The search side of CB very nearly didn't happen and caused
more than a few differences of opinion within the company
back in those early days. What I saw really early in the life
of the mainstream internet (1997/98) was that search was going
to be a major factor. I mean, what was the point of having
a website if no one knew it was there or could find it?
What happened was this…
Back in the late nineties, the first wave of panic came over
the owners of a large number of SMEs (small & medium sized
companies) which got them thinking that if they didn't have
an internet presence they were missing out somehow. And in
some ways they were right. The problem was that they didn't
know where to go. The best way to get in with a SME was (and
still is) via recommendation; the problem was that they didn't
know anyone else who had a website to ask who had done it
for them and if they were any good. They knew a friend whose
15 year old son played around with building sites in his bedroom
but most of them just couldn't go there.
What happened was that they contacted their printers and graphic
designers and asked them about getting on the web. The thinking
would have been that they had handled their advertising in
the past, so they might be able to help with this new media.
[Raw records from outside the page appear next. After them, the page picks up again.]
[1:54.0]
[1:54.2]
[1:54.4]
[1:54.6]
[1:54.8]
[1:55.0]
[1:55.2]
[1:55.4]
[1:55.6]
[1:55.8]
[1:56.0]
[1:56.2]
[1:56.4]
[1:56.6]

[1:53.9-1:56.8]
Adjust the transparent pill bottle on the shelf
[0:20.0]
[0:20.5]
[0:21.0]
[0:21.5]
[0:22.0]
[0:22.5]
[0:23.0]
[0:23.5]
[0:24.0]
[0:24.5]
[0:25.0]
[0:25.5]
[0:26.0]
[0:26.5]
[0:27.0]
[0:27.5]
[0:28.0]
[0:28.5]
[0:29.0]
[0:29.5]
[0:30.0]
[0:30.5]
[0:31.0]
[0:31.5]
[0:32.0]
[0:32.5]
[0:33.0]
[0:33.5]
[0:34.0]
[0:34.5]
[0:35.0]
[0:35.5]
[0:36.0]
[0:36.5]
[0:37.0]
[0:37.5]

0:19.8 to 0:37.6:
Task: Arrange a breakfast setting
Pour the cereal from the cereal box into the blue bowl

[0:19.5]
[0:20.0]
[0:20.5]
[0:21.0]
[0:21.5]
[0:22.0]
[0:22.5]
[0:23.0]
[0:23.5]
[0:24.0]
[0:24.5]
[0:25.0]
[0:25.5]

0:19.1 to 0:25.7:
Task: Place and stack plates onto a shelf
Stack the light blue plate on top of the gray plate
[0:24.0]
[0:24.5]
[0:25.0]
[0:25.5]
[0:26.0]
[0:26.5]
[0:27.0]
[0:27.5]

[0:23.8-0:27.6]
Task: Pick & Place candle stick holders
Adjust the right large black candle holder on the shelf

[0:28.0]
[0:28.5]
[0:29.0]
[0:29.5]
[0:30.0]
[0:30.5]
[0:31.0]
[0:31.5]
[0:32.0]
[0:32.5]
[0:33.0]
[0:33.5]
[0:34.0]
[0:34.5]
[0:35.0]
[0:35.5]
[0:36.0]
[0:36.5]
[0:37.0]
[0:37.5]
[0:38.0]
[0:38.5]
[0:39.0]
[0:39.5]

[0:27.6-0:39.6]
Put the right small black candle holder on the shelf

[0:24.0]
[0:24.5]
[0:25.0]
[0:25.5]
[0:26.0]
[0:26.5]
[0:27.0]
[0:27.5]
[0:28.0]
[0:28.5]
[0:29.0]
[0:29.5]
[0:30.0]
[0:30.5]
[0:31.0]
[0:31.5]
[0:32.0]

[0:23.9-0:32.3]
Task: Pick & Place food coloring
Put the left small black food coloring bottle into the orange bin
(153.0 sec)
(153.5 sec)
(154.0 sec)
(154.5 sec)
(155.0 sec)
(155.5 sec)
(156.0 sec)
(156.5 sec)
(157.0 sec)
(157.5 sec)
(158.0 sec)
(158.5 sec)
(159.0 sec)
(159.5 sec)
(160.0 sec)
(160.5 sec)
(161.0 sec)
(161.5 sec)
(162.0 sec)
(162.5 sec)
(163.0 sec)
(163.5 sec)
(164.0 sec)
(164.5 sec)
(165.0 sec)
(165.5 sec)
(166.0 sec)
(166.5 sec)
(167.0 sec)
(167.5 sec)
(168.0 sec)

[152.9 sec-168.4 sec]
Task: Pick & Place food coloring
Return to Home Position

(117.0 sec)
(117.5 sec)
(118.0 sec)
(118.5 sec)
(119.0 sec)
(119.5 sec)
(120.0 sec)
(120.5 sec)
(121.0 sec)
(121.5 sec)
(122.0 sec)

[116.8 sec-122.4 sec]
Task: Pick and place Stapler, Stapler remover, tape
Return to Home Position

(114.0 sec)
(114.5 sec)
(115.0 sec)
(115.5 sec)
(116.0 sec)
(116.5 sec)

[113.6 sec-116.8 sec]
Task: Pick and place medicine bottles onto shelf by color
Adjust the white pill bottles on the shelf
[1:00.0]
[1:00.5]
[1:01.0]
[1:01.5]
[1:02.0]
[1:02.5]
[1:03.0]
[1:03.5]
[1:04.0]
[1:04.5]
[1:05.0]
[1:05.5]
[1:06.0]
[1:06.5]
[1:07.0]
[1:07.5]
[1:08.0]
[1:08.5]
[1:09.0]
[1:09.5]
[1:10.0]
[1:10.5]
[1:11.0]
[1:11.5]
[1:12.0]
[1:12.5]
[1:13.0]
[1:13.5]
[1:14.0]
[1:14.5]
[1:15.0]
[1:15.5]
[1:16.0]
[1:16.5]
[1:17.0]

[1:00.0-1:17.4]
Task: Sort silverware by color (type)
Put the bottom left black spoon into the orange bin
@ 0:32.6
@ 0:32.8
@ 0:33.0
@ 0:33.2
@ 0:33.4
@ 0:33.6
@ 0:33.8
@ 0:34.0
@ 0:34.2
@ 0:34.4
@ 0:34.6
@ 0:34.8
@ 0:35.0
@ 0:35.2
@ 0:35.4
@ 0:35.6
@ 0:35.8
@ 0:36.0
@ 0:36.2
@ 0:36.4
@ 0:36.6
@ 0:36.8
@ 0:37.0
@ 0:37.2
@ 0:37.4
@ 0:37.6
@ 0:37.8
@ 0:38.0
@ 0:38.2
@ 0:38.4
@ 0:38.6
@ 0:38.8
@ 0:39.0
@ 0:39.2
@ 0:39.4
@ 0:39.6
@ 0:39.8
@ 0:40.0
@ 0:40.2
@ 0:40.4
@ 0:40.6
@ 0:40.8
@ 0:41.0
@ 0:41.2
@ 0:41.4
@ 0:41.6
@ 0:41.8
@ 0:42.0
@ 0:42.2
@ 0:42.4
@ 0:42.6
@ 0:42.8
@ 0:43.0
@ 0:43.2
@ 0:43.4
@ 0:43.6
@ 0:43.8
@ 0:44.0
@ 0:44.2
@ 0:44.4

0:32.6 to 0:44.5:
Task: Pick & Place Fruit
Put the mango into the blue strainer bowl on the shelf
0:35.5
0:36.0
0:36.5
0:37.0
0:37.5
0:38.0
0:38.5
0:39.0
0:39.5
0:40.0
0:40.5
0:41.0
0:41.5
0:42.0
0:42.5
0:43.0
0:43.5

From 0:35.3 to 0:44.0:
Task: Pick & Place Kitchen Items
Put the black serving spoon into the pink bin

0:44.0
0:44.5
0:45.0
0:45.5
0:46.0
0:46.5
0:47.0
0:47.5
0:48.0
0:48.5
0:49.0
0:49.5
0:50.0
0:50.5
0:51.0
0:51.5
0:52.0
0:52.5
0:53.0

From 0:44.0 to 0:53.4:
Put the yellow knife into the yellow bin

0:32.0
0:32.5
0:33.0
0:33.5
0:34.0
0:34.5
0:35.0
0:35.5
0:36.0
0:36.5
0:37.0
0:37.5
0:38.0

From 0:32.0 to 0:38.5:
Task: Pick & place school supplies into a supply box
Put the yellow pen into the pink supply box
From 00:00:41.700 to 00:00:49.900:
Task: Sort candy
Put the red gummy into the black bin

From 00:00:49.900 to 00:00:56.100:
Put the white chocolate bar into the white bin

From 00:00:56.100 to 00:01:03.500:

Initially the printers and the graphic designers apologised
and said they were unable to help, but after more and more
of their customers called them for the same reason they realised
that there a was an opportunity to diversify, bought the work
experience kid a book on HTML, sat him down with a computer
and started building websites.
And it was great, all these new sites started appearing, nicely
designed for the time and everyone was happy. The printers
and graphic designers had a nice new income stream, the work
experience kid was now a team leader and had a Golf GTI in
the car park, and the SME owners proudly showed off their
sites to their employees, wives and children. The future was
looking good.
What happened next?
Well, after the SME owner had shown his site to his 18 employees
and the 5 members of his family, he waited for the phone to
start ringing off the hook. And he waited… After a while he
thought that there was maybe something wrong with it so he
called the people who built it for him who checked the stats
and told him that in the first four months his site has been
live he had had 23 visitors. And this was where they all ran
out of ideas.
Historically (and to this day) if you use printers and graphic
designers to create your printed literature they design it,
print it, pack it in boxes and deliver it to your door. For
this printed material to be of any use to you as a marketing
tool, you have to make it work, they were not going to help
in that way. And they were the same when it came to the websites
they built. They would build and load it up onto the web,
but if it was going to do anything for you, you had to do
it yourself. The problem with this of course was that the
SME owners had about as much of an idea about how to make
a website work for them as the printers and graphic designers
did - basically none.
So the second wave was one of distrust in anything internet
related, and which interestingly happened about the same time
as the dot com crash. Coincidence?
And then there was Cool Breeze...
We used two highly visual postcard campaigns which we sent
out to thousands of local companies and got a really good
response on both occasions. Part of the selling point was
that we had our own search engine. I had been researching
how the big search engines (Excite, Lycos, Alta Vista, Infoseek,
Jeeves, Webcrawler, Yahoo and the new one, Google) worked
and each and every one of the sites we created were built
in such a way that they would come in very high, if not at
the top, of their listings. Hardly anyone else knew how to
do this and some of our SMEs cleaned up. Of course they were
very excited about what was happening to them so they told
everyone they knew which made our phones very busy indeed.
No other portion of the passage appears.